Pictures do not belong in the output. Reproduce exactly the lines from the start of the records through the line with "Its self-contained STEP".

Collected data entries
□ □ □ □ □ □ □

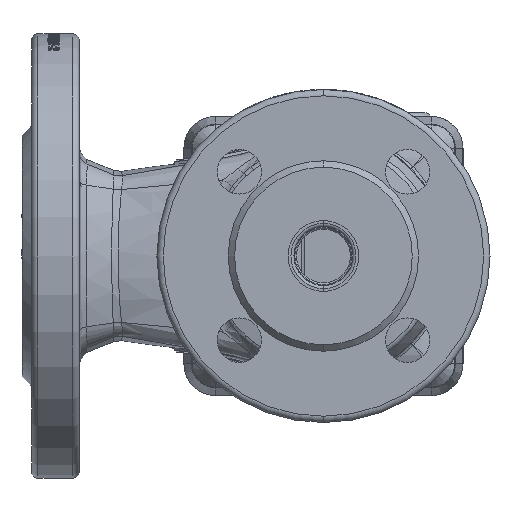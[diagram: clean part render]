
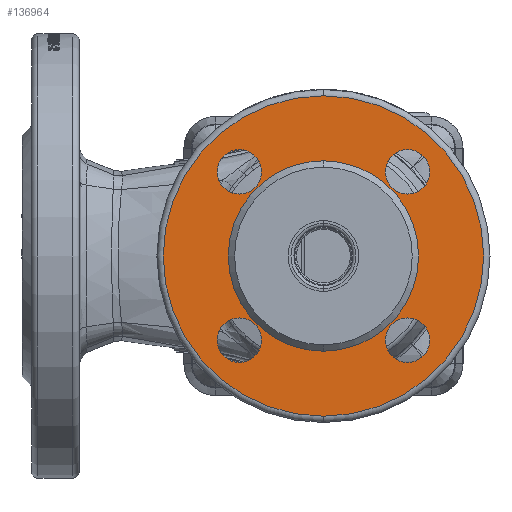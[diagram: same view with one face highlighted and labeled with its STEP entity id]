
A CAD part, front view. The second image highlights one B-rep face of the part: STEP entity #136964.
In plain terms, the highlighted planar face has unit normal (0, -1, 0).
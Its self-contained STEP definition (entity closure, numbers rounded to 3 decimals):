
#27 = AXIS2_PLACEMENT_3D ( 'NONE', #45902, #102914, #165953 ) ;
#3403 = DIRECTION ( 'NONE',  ( 0., -1., 0. ) ) ;
#4600 = FACE_BOUND ( 'NONE', #36378, .T. ) ;
#6453 = DIRECTION ( 'NONE',  ( 0., -1., 0. ) ) ;
#6648 = CIRCLE ( 'NONE', #114118, 7. ) ;
#7721 = AXIS2_PLACEMENT_3D ( 'NONE', #127926, #184760, #99990 ) ;
#7882 = VERTEX_POINT ( 'NONE', #93401 ) ;
#8828 = ORIENTED_EDGE ( 'NONE', *, *, #89196, .F. ) ;
#10033 = ORIENTED_EDGE ( 'NONE', *, *, #181227, .T. ) ;
#11777 = AXIS2_PLACEMENT_3D ( 'NONE', #162739, #34805, #177587 ) ;
#12935 = EDGE_CURVE ( 'NONE', #29748, #36983, #150416, .T. ) ;
#13320 = ORIENTED_EDGE ( 'NONE', *, *, #19540, .F. ) ;
#19441 = ORIENTED_EDGE ( 'NONE', *, *, #98173, .F. ) ;
#19540 = EDGE_CURVE ( 'NONE', #172511, #178040, #43943, .T. ) ;
#19545 = FACE_BOUND ( 'NONE', #130080, .T. ) ;
#22410 = EDGE_LOOP ( 'NONE', ( #38476, #44218 ) ) ;
#25387 = CARTESIAN_POINT ( 'NONE',  ( 26.517, -83., -26.517 ) ) ;
#25915 = DIRECTION ( 'NONE',  ( 0., 0., -1. ) ) ;
#27145 = CARTESIAN_POINT ( 'NONE',  ( 0., -83., -30. ) ) ;
#29748 = VERTEX_POINT ( 'NONE', #71528 ) ;
#33353 = AXIS2_PLACEMENT_3D ( 'NONE', #25387, #139334, #152362 ) ;
#34557 = AXIS2_PLACEMENT_3D ( 'NONE', #136947, #134173, #119299 ) ;
#34805 = DIRECTION ( 'NONE',  ( 0., -1., 0. ) ) ;
#35187 = DIRECTION ( 'NONE',  ( 0., 0., 1. ) ) ;
#35535 = CARTESIAN_POINT ( 'NONE',  ( -26.517, -83., 26.517 ) ) ;
#36104 = DIRECTION ( 'NONE',  ( 0., 1., 0. ) ) ;
#36378 = EDGE_LOOP ( 'NONE', ( #13320, #80182 ) ) ;
#36983 = VERTEX_POINT ( 'NONE', #56145 ) ;
#38476 = ORIENTED_EDGE ( 'NONE', *, *, #12935, .F. ) ;
#42749 = CARTESIAN_POINT ( 'NONE',  ( 26.517, -83., 26.517 ) ) ;
#43943 = CIRCLE ( 'NONE', #180943, 7. ) ;
#44218 = ORIENTED_EDGE ( 'NONE', *, *, #97789, .F. ) ;
#45902 = CARTESIAN_POINT ( 'NONE',  ( 26.517, -83., -26.517 ) ) ;
#46508 = DIRECTION ( 'NONE',  ( 0., 0., -1. ) ) ;
#46772 = CARTESIAN_POINT ( 'NONE',  ( -30., -83., 0. ) ) ;
#46868 = DIRECTION ( 'NONE',  ( 0., -1., 0. ) ) ;
#48349 = CARTESIAN_POINT ( 'NONE',  ( 0., -83., 0. ) ) ;
#48872 = VERTEX_POINT ( 'NONE', #163398 ) ;
#49544 = CARTESIAN_POINT ( 'NONE',  ( -26.517, -83., -26.517 ) ) ;
#56145 = CARTESIAN_POINT ( 'NONE',  ( -26.517, -83., -19.517 ) ) ;
#57670 = DIRECTION ( 'NONE',  ( 0., -1., 0. ) ) ;
#65699 = CIRCLE ( 'NONE', #27, 7. ) ;
#66165 = CIRCLE ( 'NONE', #182445, 7. ) ;
#70944 = DIRECTION ( 'NONE',  ( 0., 0., -1. ) ) ;
#71528 = CARTESIAN_POINT ( 'NONE',  ( -26.517, -83., -33.517 ) ) ;
#72170 = CIRCLE ( 'NONE', #33353, 7. ) ;
#75187 = ORIENTED_EDGE ( 'NONE', *, *, #171597, .F. ) ;
#75347 = CIRCLE ( 'NONE', #111138, 7. ) ;
#75406 = CIRCLE ( 'NONE', #167850, 30. ) ;
#80182 = ORIENTED_EDGE ( 'NONE', *, *, #85459, .F. ) ;
#82145 = CARTESIAN_POINT ( 'NONE',  ( 0., -83., -50.5 ) ) ;
#85459 = EDGE_CURVE ( 'NONE', #178040, #172511, #66165, .T. ) ;
#88629 = ORIENTED_EDGE ( 'NONE', *, *, #112582, .F. ) ;
#89196 = EDGE_CURVE ( 'NONE', #140182, #123725, #162801, .T. ) ;
#89358 = EDGE_LOOP ( 'NONE', ( #8828, #170254 ) ) ;
#92443 = CIRCLE ( 'NONE', #11777, 7. ) ;
#93354 = CARTESIAN_POINT ( 'NONE',  ( 0., -83., 0. ) ) ;
#93401 = CARTESIAN_POINT ( 'NONE',  ( -26.517, -83., 19.517 ) ) ;
#96316 = CARTESIAN_POINT ( 'NONE',  ( 26.517, -83., 19.517 ) ) ;
#97726 = DIRECTION ( 'NONE',  ( 0., 0., 1. ) ) ;
#97789 = EDGE_CURVE ( 'NONE', #36983, #29748, #92443, .T. ) ;
#98173 = EDGE_CURVE ( 'NONE', #153119, #180460, #65699, .T. ) ;
#99990 = DIRECTION ( 'NONE',  ( 0., 0., 1. ) ) ;
#100149 = VERTEX_POINT ( 'NONE', #27145 ) ;
#101883 = FACE_OUTER_BOUND ( 'NONE', #89358, .T. ) ;
#102833 = PLANE ( 'NONE',  #161494 ) ;
#102914 = DIRECTION ( 'NONE',  ( 0., -1., 0. ) ) ;
#105581 = DIRECTION ( 'NONE',  ( 0., -1., 0. ) ) ;
#109340 = CIRCLE ( 'NONE', #7721, 30. ) ;
#111138 = AXIS2_PLACEMENT_3D ( 'NONE', #131565, #128804, #70944 ) ;
#112582 = EDGE_CURVE ( 'NONE', #7882, #132602, #75347, .T. ) ;
#114118 = AXIS2_PLACEMENT_3D ( 'NONE', #35535, #46868, #177398 ) ;
#115713 = EDGE_CURVE ( 'NONE', #123725, #140182, #126498, .T. ) ;
#116156 = CARTESIAN_POINT ( 'NONE',  ( 26.517, -83., 33.517 ) ) ;
#119299 = DIRECTION ( 'NONE',  ( 0., 0., 1. ) ) ;
#122886 = CARTESIAN_POINT ( 'NONE',  ( 26.517, -83., -19.517 ) ) ;
#123725 = VERTEX_POINT ( 'NONE', #82145 ) ;
#125642 = DIRECTION ( 'NONE',  ( 0., 1., 0. ) ) ;
#126498 = CIRCLE ( 'NONE', #156739, 50.5 ) ;
#127926 = CARTESIAN_POINT ( 'NONE',  ( 0., -83., 0. ) ) ;
#128804 = DIRECTION ( 'NONE',  ( 0., -1., 0. ) ) ;
#129627 = ORIENTED_EDGE ( 'NONE', *, *, #170675, .F. ) ;
#130080 = EDGE_LOOP ( 'NONE', ( #19441, #129627 ) ) ;
#130245 = CARTESIAN_POINT ( 'NONE',  ( 0., -83., 50.5 ) ) ;
#131565 = CARTESIAN_POINT ( 'NONE',  ( -26.517, -83., 26.517 ) ) ;
#132602 = VERTEX_POINT ( 'NONE', #164005 ) ;
#132609 = FACE_BOUND ( 'NONE', #22410, .T. ) ;
#133530 = FACE_BOUND ( 'NONE', #161849, .T. ) ;
#134173 = DIRECTION ( 'NONE',  ( 0., 1., 0. ) ) ;
#136947 = CARTESIAN_POINT ( 'NONE',  ( 0., -83., 0. ) ) ;
#136964 = ADVANCED_FACE ( 'NONE', ( #133530, #19545, #132609, #4600, #175466, #101883 ), #102833, .T. ) ;
#138624 = AXIS2_PLACEMENT_3D ( 'NONE', #49544, #6453, #165226 ) ;
#139334 = DIRECTION ( 'NONE',  ( 0., -1., 0. ) ) ;
#140182 = VERTEX_POINT ( 'NONE', #130245 ) ;
#146705 = CARTESIAN_POINT ( 'NONE',  ( 26.517, -83., -33.517 ) ) ;
#150416 = CIRCLE ( 'NONE', #138624, 7. ) ;
#150664 = EDGE_LOOP ( 'NONE', ( #10033, #164796 ) ) ;
#152362 = DIRECTION ( 'NONE',  ( 0., 0., -1. ) ) ;
#153119 = VERTEX_POINT ( 'NONE', #146705 ) ;
#156739 = AXIS2_PLACEMENT_3D ( 'NONE', #48349, #36104, #35187 ) ;
#160583 = EDGE_CURVE ( 'NONE', #100149, #48872, #109340, .T. ) ;
#161494 = AXIS2_PLACEMENT_3D ( 'NONE', #46772, #105581, #162444 ) ;
#161849 = EDGE_LOOP ( 'NONE', ( #88629, #75187 ) ) ;
#162444 = DIRECTION ( 'NONE',  ( 0., 0., -1. ) ) ;
#162739 = CARTESIAN_POINT ( 'NONE',  ( -26.517, -83., -26.517 ) ) ;
#162801 = CIRCLE ( 'NONE', #34557, 50.5 ) ;
#163398 = CARTESIAN_POINT ( 'NONE',  ( 0., -83., 30. ) ) ;
#164005 = CARTESIAN_POINT ( 'NONE',  ( -26.517, -83., 33.517 ) ) ;
#164796 = ORIENTED_EDGE ( 'NONE', *, *, #160583, .T. ) ;
#165226 = DIRECTION ( 'NONE',  ( 0., 0., -1. ) ) ;
#165953 = DIRECTION ( 'NONE',  ( 0., 0., -1. ) ) ;
#167850 = AXIS2_PLACEMENT_3D ( 'NONE', #93354, #125642, #97726 ) ;
#170254 = ORIENTED_EDGE ( 'NONE', *, *, #115713, .F. ) ;
#170675 = EDGE_CURVE ( 'NONE', #180460, #153119, #72170, .T. ) ;
#171597 = EDGE_CURVE ( 'NONE', #132602, #7882, #6648, .T. ) ;
#172511 = VERTEX_POINT ( 'NONE', #96316 ) ;
#173381 = CARTESIAN_POINT ( 'NONE',  ( 26.517, -83., 26.517 ) ) ;
#175466 = FACE_BOUND ( 'NONE', #150664, .T. ) ;
#177398 = DIRECTION ( 'NONE',  ( 0., 0., -1. ) ) ;
#177587 = DIRECTION ( 'NONE',  ( 0., 0., -1. ) ) ;
#178040 = VERTEX_POINT ( 'NONE', #116156 ) ;
#180460 = VERTEX_POINT ( 'NONE', #122886 ) ;
#180943 = AXIS2_PLACEMENT_3D ( 'NONE', #173381, #3403, #46508 ) ;
#181227 = EDGE_CURVE ( 'NONE', #48872, #100149, #75406, .T. ) ;
#182445 = AXIS2_PLACEMENT_3D ( 'NONE', #42749, #57670, #25915 ) ;
#184760 = DIRECTION ( 'NONE',  ( 0., 1., 0. ) ) ;

□ □ □ □ □ □ □

Solution to this task:
[diagram: clean part render]
[diagram: same view with one face highlighted and labeled with its STEP entity id]
A CAD part, front view. The second image highlights one B-rep face of the part: STEP entity #136964.
In plain terms, the highlighted planar face has unit normal (0, -1, 0).
Its self-contained STEP definition (entity closure, numbers rounded to 3 decimals):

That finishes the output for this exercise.